Page MenuHomePhabricator

cr1-codfw linecard failure
Closed, ResolvedPublic0 Estimated Story Points

Description

On May 25 at 06:18:06 one of the main linecard on cr1-codfw (hosting all the ports to the switch stacks) failed in a way that the parent AE interfaces went down and not passing traffic anymore.
Failover to cr2-cofdw went smoothly, as expected, and no service outage was caused.

Mark opened JTAC case 2019-0525-0032 and included a RSI.
As it was late at night Pacific Time before a long weekend and the situation was stable we decided to not do any changes on the system.

JTAC got back to us, TLDR is:

  • Major alarm triggered on FPC0 due to Parity error in the host interface which lead to TOE wedge.

And the matching log:
May 25 06:18:06 re0.cr1-codfw fpc0 XMCHIP(0):XMCHIP(0): HOSTIF: Protect: Parity error for SRAM in bank 0

Recommended action is:

I would suggest you to reboot the FPC0 under maintenance window and check if the alarm and error clear.

I followed up with a concern:

Our concern here is that even if the error clears, it could come back soon after and cause an outage on our production infrastructure.
Is it possible to ensure this won't happen?

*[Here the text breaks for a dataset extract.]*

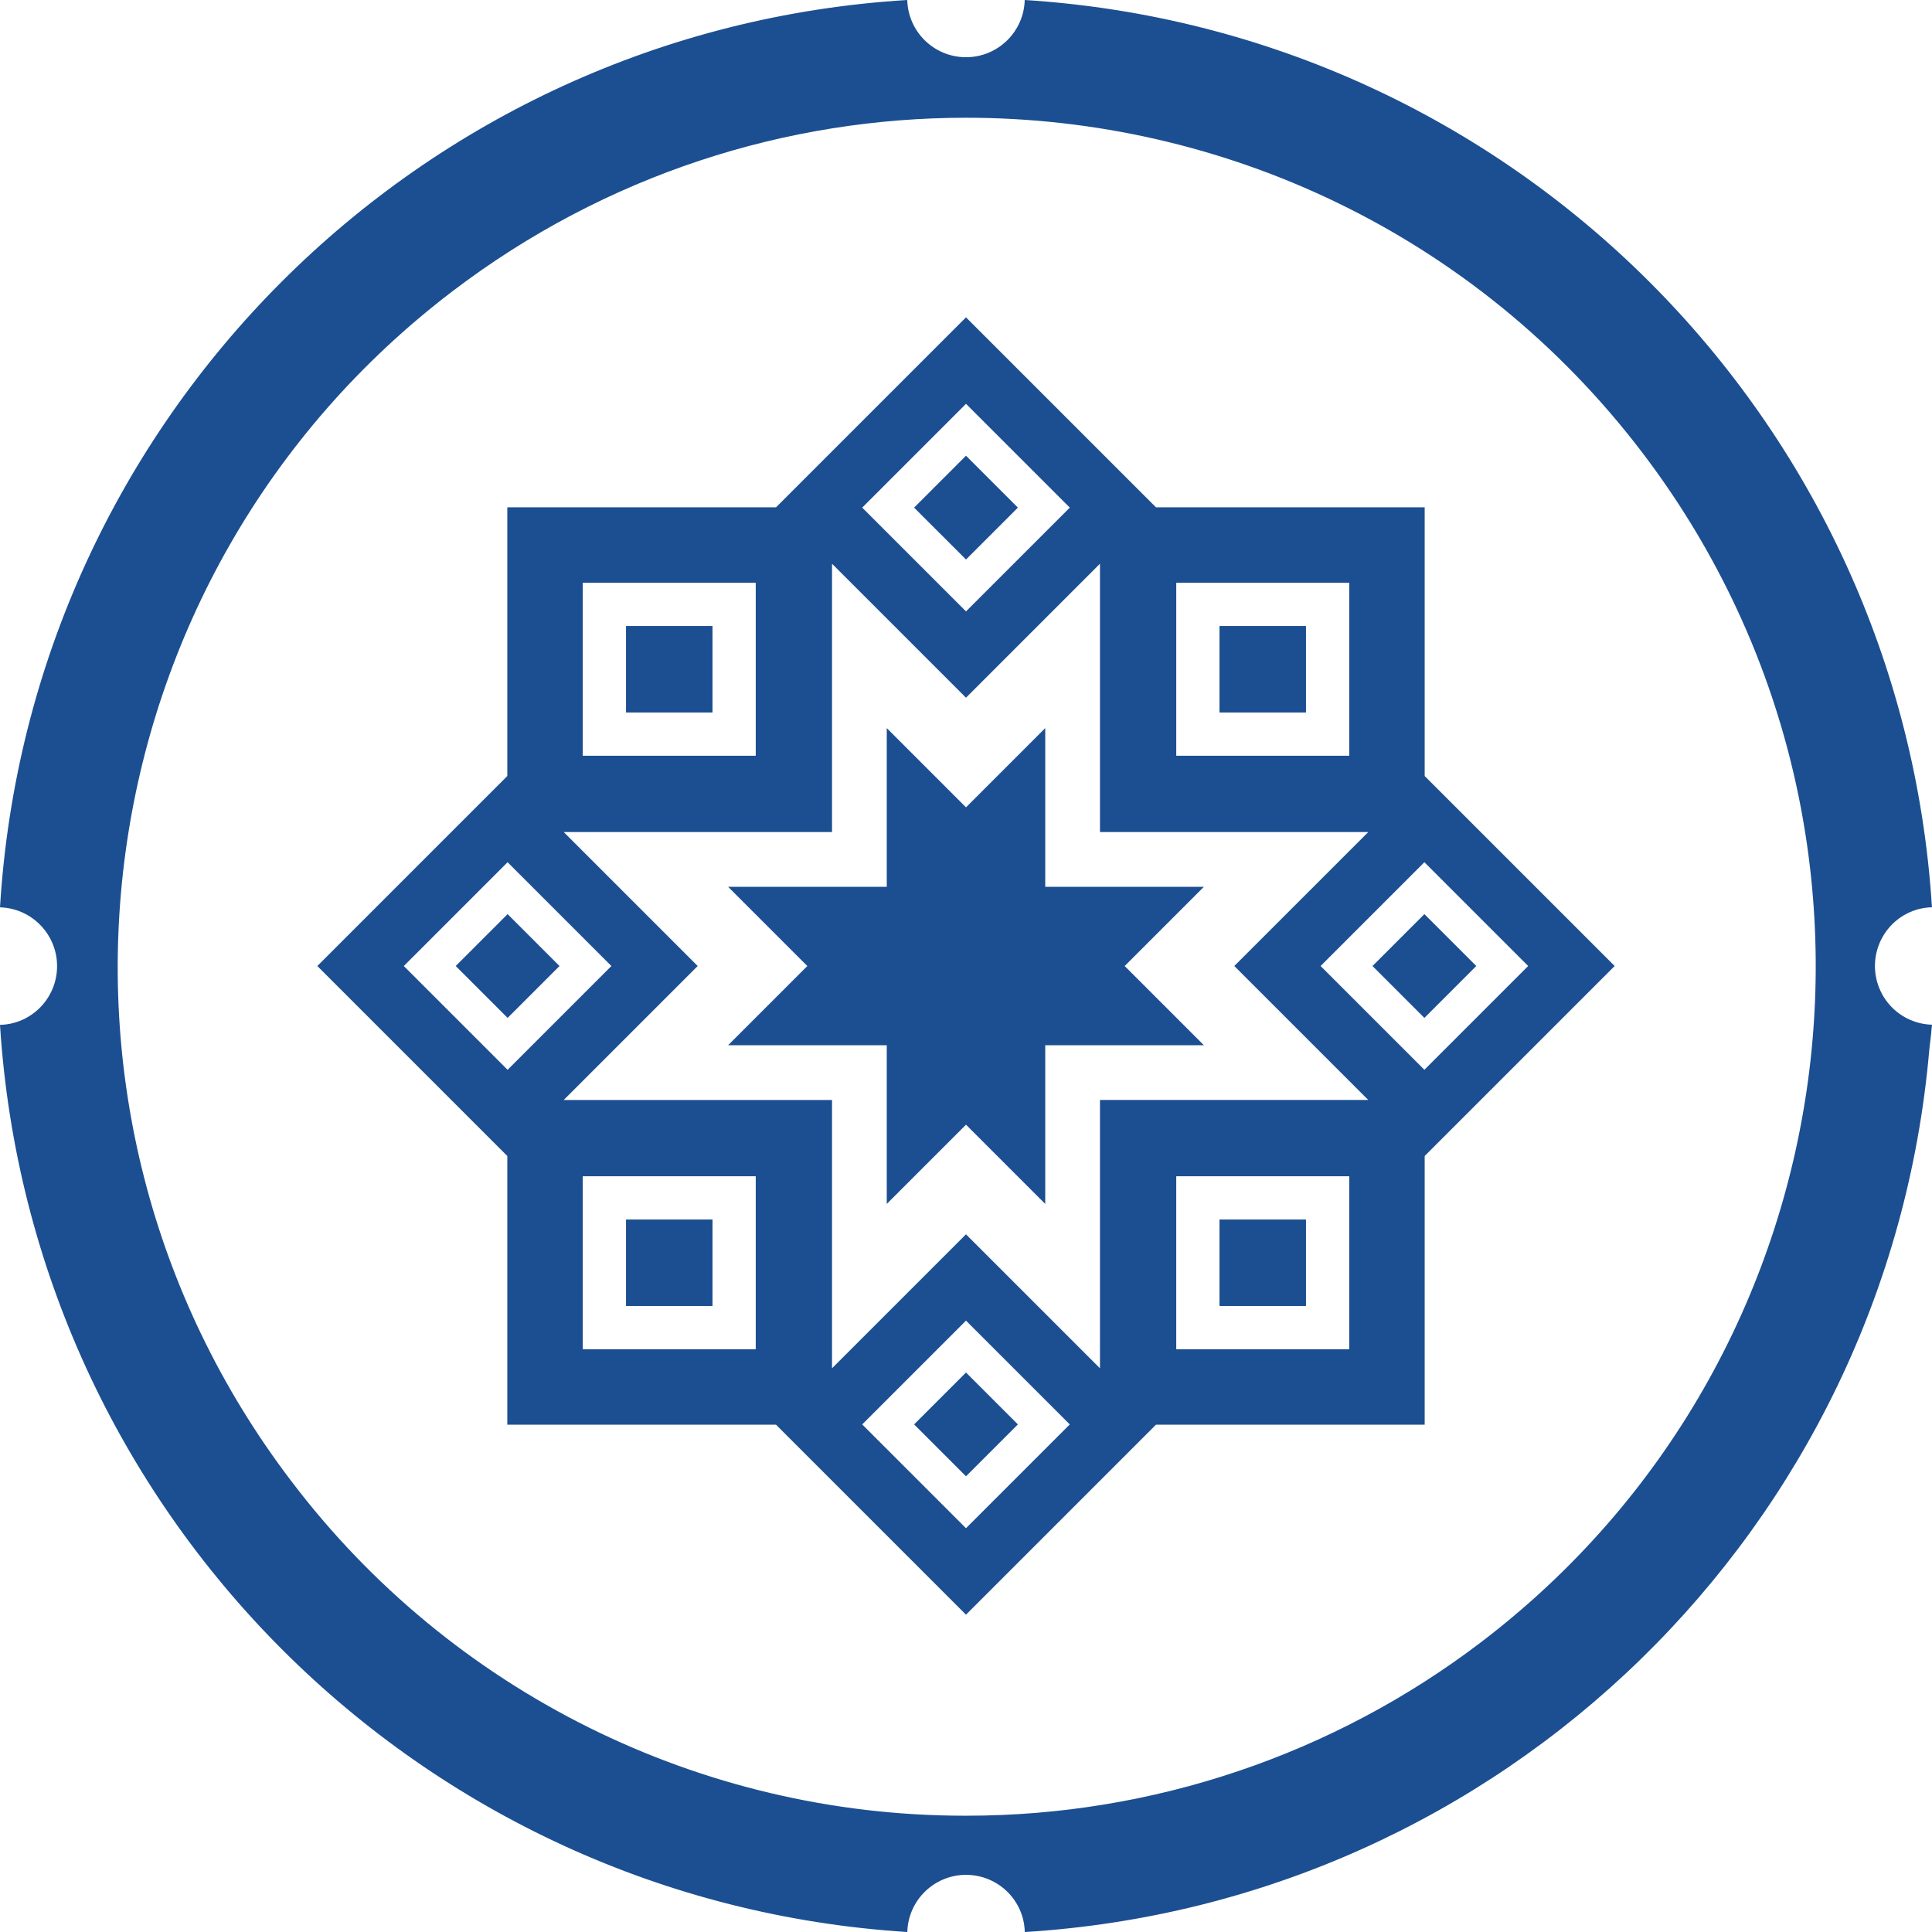 <?xml version="1.0" encoding="UTF-8"?><svg id="a" xmlns="http://www.w3.org/2000/svg" viewBox="0 0 2716.47 2716.5"><path d="m1358.24,1856.84l-145.93,145.93.4.4,145.53,145.53,145.53-145.53.4-.4-145.93-145.93Zm72.56,146.33l-72.56,72.56-72.56-72.56-.4-.4,72.97-72.97,72.97,72.97-.4.4Z" fill="none" stroke-width="0"/><path d="m1062.61,1653.88h-243.22v243.22h243.22v-243.22Zm-60.8,182.41h-121.61v-121.61h121.61v121.61Z" fill="none" stroke-width="0"/><path d="m1062.61,1062.62v-243.22h-243.22v243.22h243.22Zm-182.41-138.39v-44.02h121.61v121.61h-121.61v-77.59Z" fill="none" stroke-width="0"/><path d="m859.64,1358.25l-145.93-145.93-.4.4-145.53,145.53,145.53,145.53.4.4,145.93-145.93Zm-218.9,0l72.56-72.56.4-.4,72.97,72.97-72.97,72.97-.4-.4-72.56-72.56Z" fill="none" stroke-width="0"/><path d="m1653.87,1062.62h243.22v-243.22h-243.22v243.22Zm60.8-182.41h121.61v121.61h-121.61v-121.61Z" fill="none" stroke-width="0"/><path d="m1358.24,859.66l145.93-145.93-.4-.4-145.53-145.53-145.53,145.53-.4.4,145.93,145.93Zm-72.56-146.33l72.56-72.56,72.56,72.56.4.4-72.97,72.97-72.97-72.97.4-.4Z" fill="none" stroke-width="0"/><path d="m2003.16,1212.72l-.4-.4-145.93,145.93,145.93,145.93.4-.4,145.53-145.53-145.53-145.53Zm-.4,218.49l-72.97-72.97,72.97-72.97.4.4,72.56,72.56-72.56,72.56-.4.4Z" fill="none" stroke-width="0"/><path d="m1653.87,1653.88v243.22h243.22v-243.22h-243.22Zm182.41,138.39v44.02h-121.61v-121.61h121.61v77.59Z" fill="none" stroke-width="0"/><path d="m1735.49,1358.25l188.36-188.35h-377.26v-377.26l-188.36,188.36-188.36-188.36v377.26h-377.26l188.36,188.36-188.36,188.36h376.71s.54,0,.54,0v377.26s188.36-188.36,188.36-188.36l188.36,188.36v-376.71s0-.54,0-.54h377.26l-188.36-188.36Zm-265.54,111.4h-.32v223.11s-111.39-111.39-111.39-111.39l-111.39,111.39v-222.79s0-.32,0-.32h-223.11l111.39-111.39-111.39-111.39h222.79s.32,0,.32,0v-223.11l111.39,111.39,111.39-111.39v223.11h223.11l-111.39,111.39,111.39,111.39h-222.79Z" fill="none" stroke-width="0"/><path d="m2003.16,1091.11v-377.79h-377.79l-267.14-267.14-267.14,267.14h-377.79v377.79l-267.14,267.14,267.14,267.14v377.79h377.79l267.14,267.14,267.14-267.14h377.79v-377.79l267.14-267.14-267.14-267.14Zm-106.08-271.71v243.22h-243.22v-243.22h243.22Zm-538.85-251.61l145.53,145.53.4.4-145.93,145.93-145.93-145.93.4-.4,145.53-145.53Zm-538.85,251.61h243.22v243.22h-243.22v-243.22Zm-251.61,538.85l145.53-145.53.4-.4,145.93,145.93-145.93,145.93-.4-.4-145.53-145.53Zm251.61,538.85v-243.22h243.22v243.22h-243.22Zm538.85,251.61l-145.53-145.53-.4-.4,145.93-145.93,145.93,145.93-.4.4-145.53,145.53Zm188.9-602.1h-.54v377.26s-188.36-188.36-188.36-188.36l-188.36,188.36v-376.71s0-.54,0-.54h-377.26s188.36-188.36,188.36-188.36l-188.36-188.36h377.26v-377.26l188.36,188.36,188.36-188.36v377.26h377.26l-188.36,188.35,188.36,188.36h-376.71Zm349.94,350.49h-243.22v-243.22h243.22v243.22Zm105.68-392.92l-145.93-145.93,145.93-145.93.4.4,145.53,145.53-145.53,145.53-.4.4Z" fill="#1c4f91" stroke-width="0"/><polygon points="1431.2 713.73 1430.8 713.33 1358.24 640.76 1285.67 713.33 1285.27 713.73 1358.24 786.69 1431.2 713.73" fill="#1c4f91" stroke-width="0"/><polygon points="2003.16 1285.69 2002.76 1285.29 1929.79 1358.25 2002.76 1431.22 2003.16 1430.81 2075.72 1358.25 2003.16 1285.69" fill="#1c4f91" stroke-width="0"/><polygon points="1285.27 2002.77 1285.67 2003.17 1358.24 2075.74 1430.8 2003.17 1431.2 2002.77 1358.24 1929.81 1285.27 2002.77" fill="#1c4f91" stroke-width="0"/><polygon points="786.68 1358.25 713.71 1285.29 713.31 1285.69 640.75 1358.25 713.31 1430.81 713.71 1431.22 786.68 1358.25" fill="#1c4f91" stroke-width="0"/><polygon points="1836.28 924.23 1836.28 880.21 1792.26 880.21 1714.67 880.21 1714.67 1001.82 1836.28 1001.82 1836.28 924.23" fill="#1c4f91" stroke-width="0"/><polygon points="1714.67 1836.29 1792.26 1836.29 1836.28 1836.29 1836.28 1792.27 1836.28 1714.68 1714.67 1714.68 1714.67 1836.29" fill="#1c4f91" stroke-width="0"/><polygon points="880.2 1792.27 880.2 1836.29 924.22 1836.29 1001.8 1836.29 1001.8 1714.68 880.2 1714.68 880.2 1792.27" fill="#1c4f91" stroke-width="0"/><polygon points="1001.8 880.21 924.22 880.21 880.2 880.21 880.2 924.23 880.2 1001.82 1001.8 1001.82 1001.8 880.21" fill="#1c4f91" stroke-width="0"/><polygon points="1692.74 1246.86 1469.95 1246.86 1469.63 1246.86 1469.63 1246.54 1469.63 1023.75 1358.24 1135.14 1246.84 1023.75 1246.84 1246.54 1246.84 1246.86 1246.52 1246.86 1023.73 1246.86 1135.13 1358.25 1023.73 1469.65 1246.52 1469.65 1246.84 1469.65 1246.84 1469.97 1246.84 1692.75 1358.24 1581.36 1469.63 1692.75 1469.63 1469.97 1469.63 1469.65 1469.95 1469.65 1692.74 1469.65 1581.35 1358.25 1692.74 1246.86" fill="#1c4f91" stroke-width="0"/><path d="m2645.73,1396.76l.08.03c-21.32-40.47-5.79-90.56,34.68-111.88.04-.02.08-.04.12-.06,11.07-5.76,23.32-8.9,35.8-9.17C2673.32,589.81,2126.66,43.13,1440.79,0c-1.18,44.86-37.92,80.44-82.53,80.44-.73,0-1.46-.01-2.2-.03-43.92-1.15-79.26-36.49-80.41-80.41C589.15,41.78,41.73,589.22,0,1275.74c45.69,1.39,81.6,39.55,80.22,85.24-.91,29.9-17.88,56.99-44.4,70.84-11.07,5.77-23.33,8.91-35.82,9.17,43.48,685.71,590,1232.14,1275.71,1275.51,1.24-44.87,38.01-80.4,82.61-80.4.78,0,1.55.01,2.33.03,30.01.83,57.21,17.86,71.06,44.49,5.76,11.1,8.9,23.38,9.17,35.88,671.98-41.22,1212.68-567.85,1271.61-1238.5.93-11.03,2.83-21.73,3.51-32.85,0-1.42.45-2.83.48-4.36-29.8-.82-56.84-17.65-70.74-44.03Zm-563.26,912.18c-207.86,158.3-461.96,244.03-723.22,244.03h-1.06c-.57,0-1.16,0-1.73,0-371.82,0-722.23-174.07-946.86-470.46C10.19,1558.04,111.56,809.07,636.04,409.65c216.04-164.53,470.23-244.09,722.33-244.1.03,0,.05,0,.08,0,359.88.01,715.57,162.12,950.45,470.52,399.42,524.48,298.05,1273.44-226.43,1672.86Z" fill="#1c4f91" stroke-width="0"/></svg>

Especially as it looks like a hardware error.

But it has been raised with:

These errors are mostly transient in nature and after rebooting the FPC, it clears and does not come back.
Action Plan :
I would suggest you reboot the FPC0 followed by physical reseat under maintenance window and check if the alarm and error clears.
In case, if the errors re-surface will process RMA for FPC, however if it doesn’t reappear it means there is no hardware failure and no RMA is needed.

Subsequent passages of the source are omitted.